There are no new problems in science, only old ones that obtrude themselves on you in new ways. One biological example of this truism is the discovery by molecular biologists that different genetic datasets produce different phylogenetic trees. This has been known at the phenotypic level for centuries, so that systematists have used reticulating structures such as maps, networks, webs etc to try to display the many different ways in which biological organisms appear to be related to each other, with different relationships shown by different parts of the phenotype.
This multi-faceted nature of relationships became problematic after 1859, when biologists more-or-less settled on trees as a means of displaying genealogy, because trees show only one set of relationships. Indeed, Darwin himself (1851, 1859) noted that different organ systems suggest different relationships. However, he believed that a taxonomic classification should be based on the structure of the entire body, not just one organ system, so that all relationships are considered. He thus concluded that it is necessary to give each kind of feature a different "weight" in contributing to the overall scheme, both for working out phylogenies and for erecting classifications based on them.
Darwin did no explicit phylogenetic work of his own, and so it was St George Mivart who first had to deal with this situation empirically (as discussed this previous blog post). His early work was principally on the comparative anatomy of primates, for which he provided very detailed comparisons of the skeletons of a large number of species, notably in Mivart (1865), based on the axial skeleton (or spinal column), and Mivart (1867), based on the appendicular skeleton (or limbs).
In the 1865 paper Mivart noted that the data for the spinal column "lead to an arrangement of groups and an interpretation of affinities somewhat differing from, yet in part agreeing with, the classification founded on cranial and dental characters". Moreover, the 1865 and 1867 studies did not produce the same phylogenetic tree. Mivart explicitly noted in a letter to Darwin (1870): "The diagram in the Pro. Z. Soc.  expresses what I believe to be the degree of resemblance as regards the spinal column only. The diagram in the Phil. Trans.  expresses what I believe to be the degree of resemblance as regards the appendicular skeleton only" (Darwin Correspondence Project, letter 7170).
In the modern world, one way to deal with this sort of data conflict is to use a phylogenetic network rather than a phylogenetic tree. That is, we do not need to produce a consensus classification based on weighting different datasets (as suggested by Darwin), and we do not need to produce a series of conflicting trees (as done by Mivart). We do not even need to produce a consensus tree, which would be a combination of these two approaches. We can, instead, display the conflict among the different data sources in a single diagram, as a network.
|Click to enlarge.|
Here, I have produced a network based on Mivart's 1865 and 1867 trees. There are 24 taxa of Primates, although the Gorilla was not in the 1865 dataset, and Inuus, Cynocephalus, Chrysothrix were not in the 1867 dataset. From these two trees I have produced a SuperNetwork, using the SplitsTree program. This is thus a splits graph, interpreted in the usual manner, so that the reticulated parts represent conflict between the two trees and the non-reticulated parts represent agreement.
The main conflict between the two trees is in the relationship between the Nycticebinae and Cebidae, shown as the centre reticlulated area in the network. Basically, the root of Mivart's trees is between these two groups, and they swap sides of the root between 1865 and 1867! Another cause of this netted area is whether Homo is within the Simiinae (as in the 1865 tree) or sister to the Apes (as in the 1867 tree).

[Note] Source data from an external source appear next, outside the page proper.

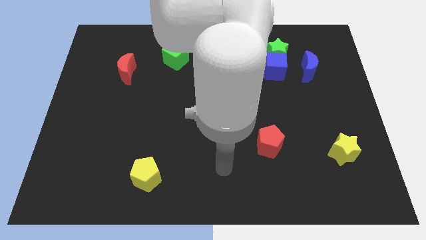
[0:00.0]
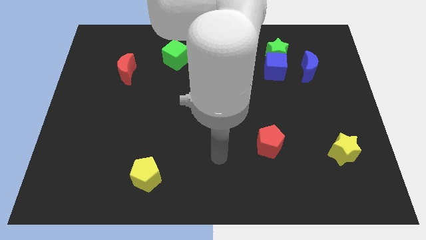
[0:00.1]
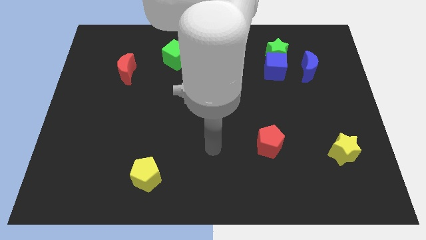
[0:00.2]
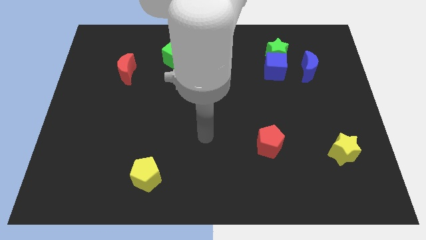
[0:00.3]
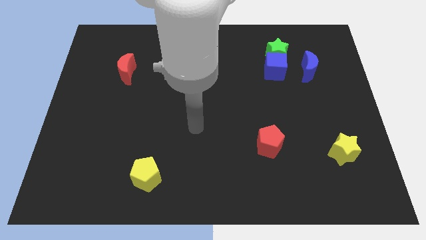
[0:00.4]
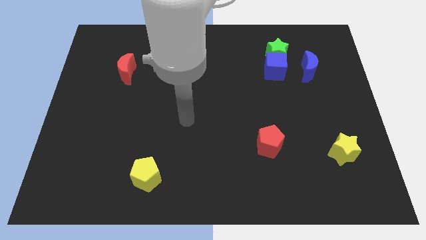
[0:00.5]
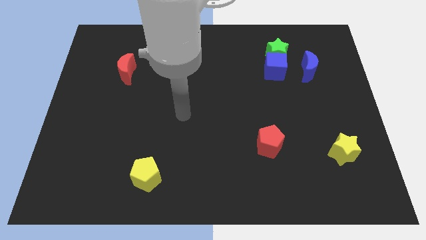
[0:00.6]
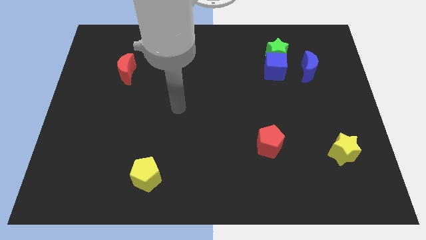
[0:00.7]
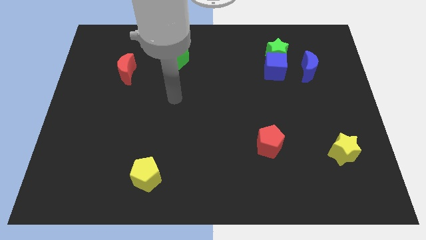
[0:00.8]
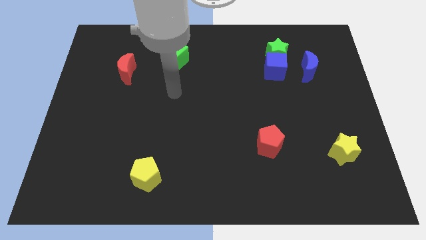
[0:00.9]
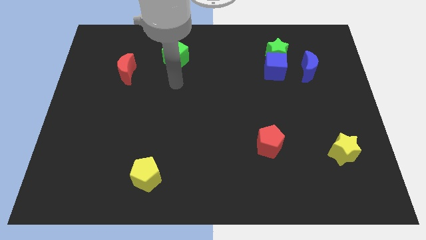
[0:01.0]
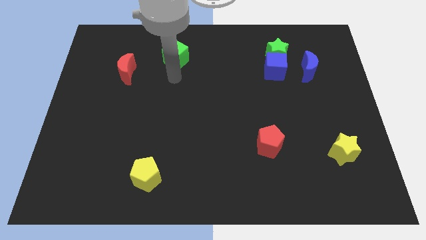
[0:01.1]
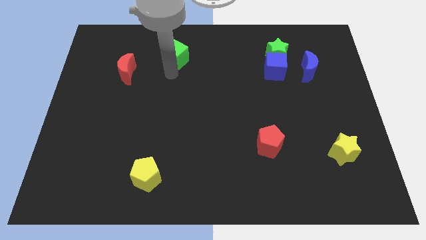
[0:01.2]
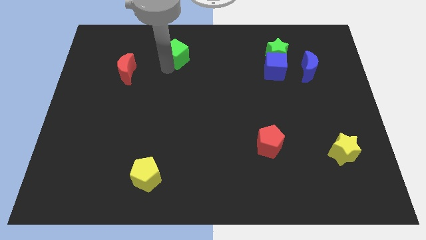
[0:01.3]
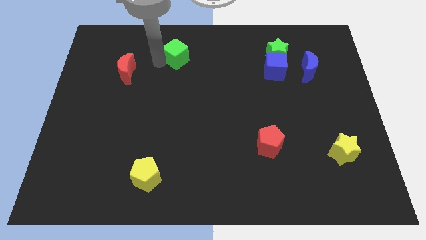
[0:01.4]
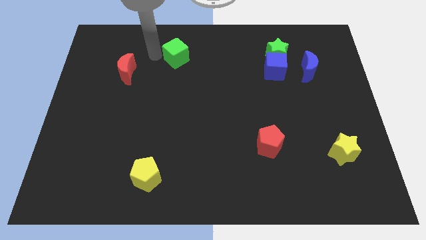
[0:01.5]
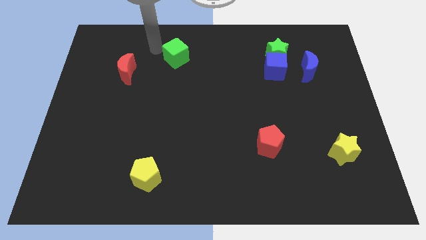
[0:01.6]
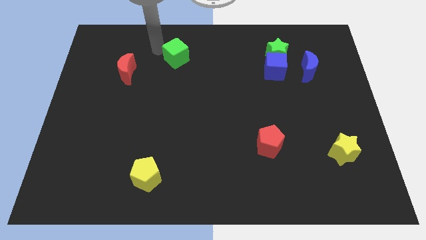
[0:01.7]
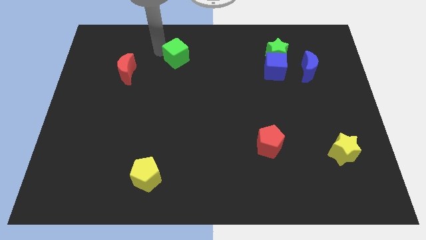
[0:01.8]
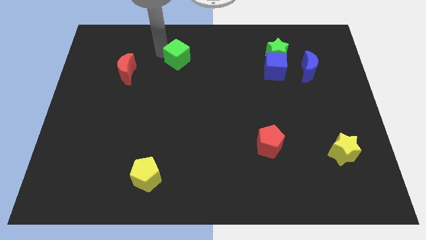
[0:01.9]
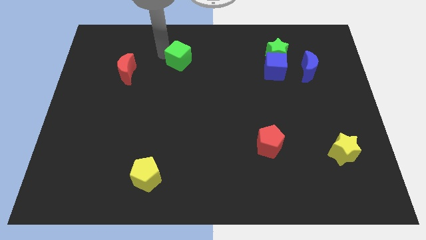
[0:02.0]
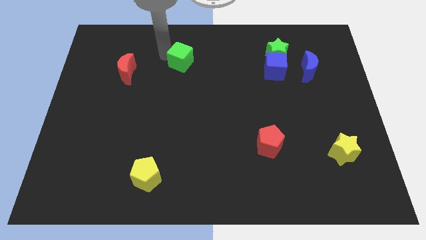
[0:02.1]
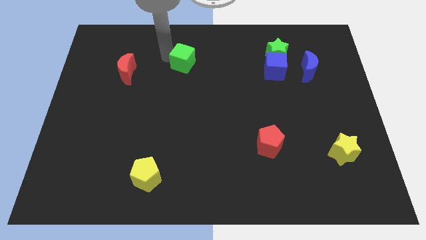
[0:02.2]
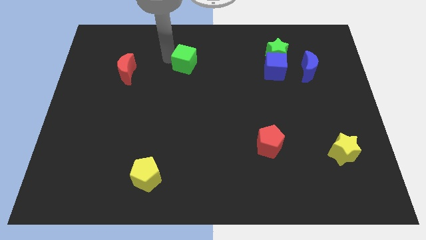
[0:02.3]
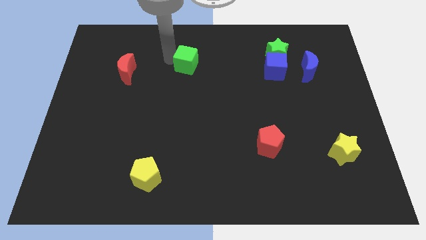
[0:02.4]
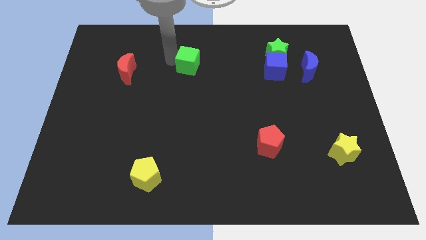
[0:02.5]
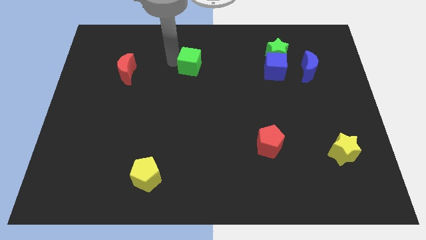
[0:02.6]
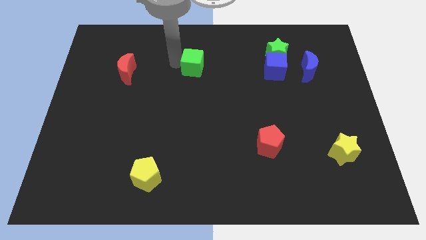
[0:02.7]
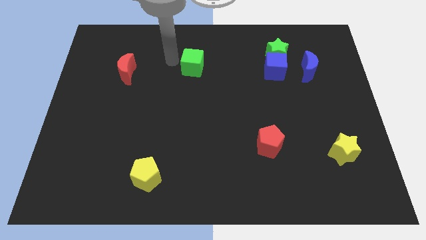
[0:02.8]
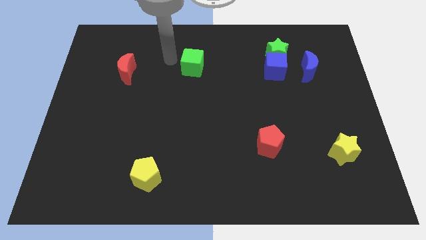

These two sources of conflict are quite major, from the biological point of view.
The bottom netted area of the network is caused by conflicts about relationships within the Lemuroidea, which are of less consequence. The top netted area refers to whether Simia is sister to either Hylobates (in 1867) or Troglodytes (in 1865), which is a relatively minor point.
It is tempting to see Mivart's change in the position of Homo (from 1865 to 1867) as psychological rather than empirical. Mivart came to reject the idea that humans should be placed in a phylogenetic tree, and expressed this strongly in Mivart (1871). He then became a strong opponent of Darwinian evolution for a time. Nevertheless, he returned to the fold at least once, in Mivart (1881), where he presented a phylogenetic tree of much of the Mammalia, based on dentition. However, he conspicuously excluded the Primates from this tree, thus dodging the theological problem entirely.
Note: For another early example see Fritz Müller and the first phylogenetic tree.
Darwin, C. (1851) A Monograph of the Sub-Class Cirripedia, with figures of all the species. The Ray Society, London.
Darwin, C. (1859) On the Origin of Species by Means of Natural Selection. John Murray, London.
Mivart, St.G. (1865) Contributions towards a more complete knowledge of the axial skeleton in the primates. Proceedings of the Zoological Society of London 33: 545-592.
Mivart, St.G. (1867) On the appendicular skeleton of the primates. Philosophical Transactions of the Royal Society of London 157: 299-429.
Mivart, St.G. (1871) On the Genesis of Species. Macmillan, London.
Mivart, St.G. (1881) The Cat: An introduction to the study of backboned animals, especially mammals. John Murray, London.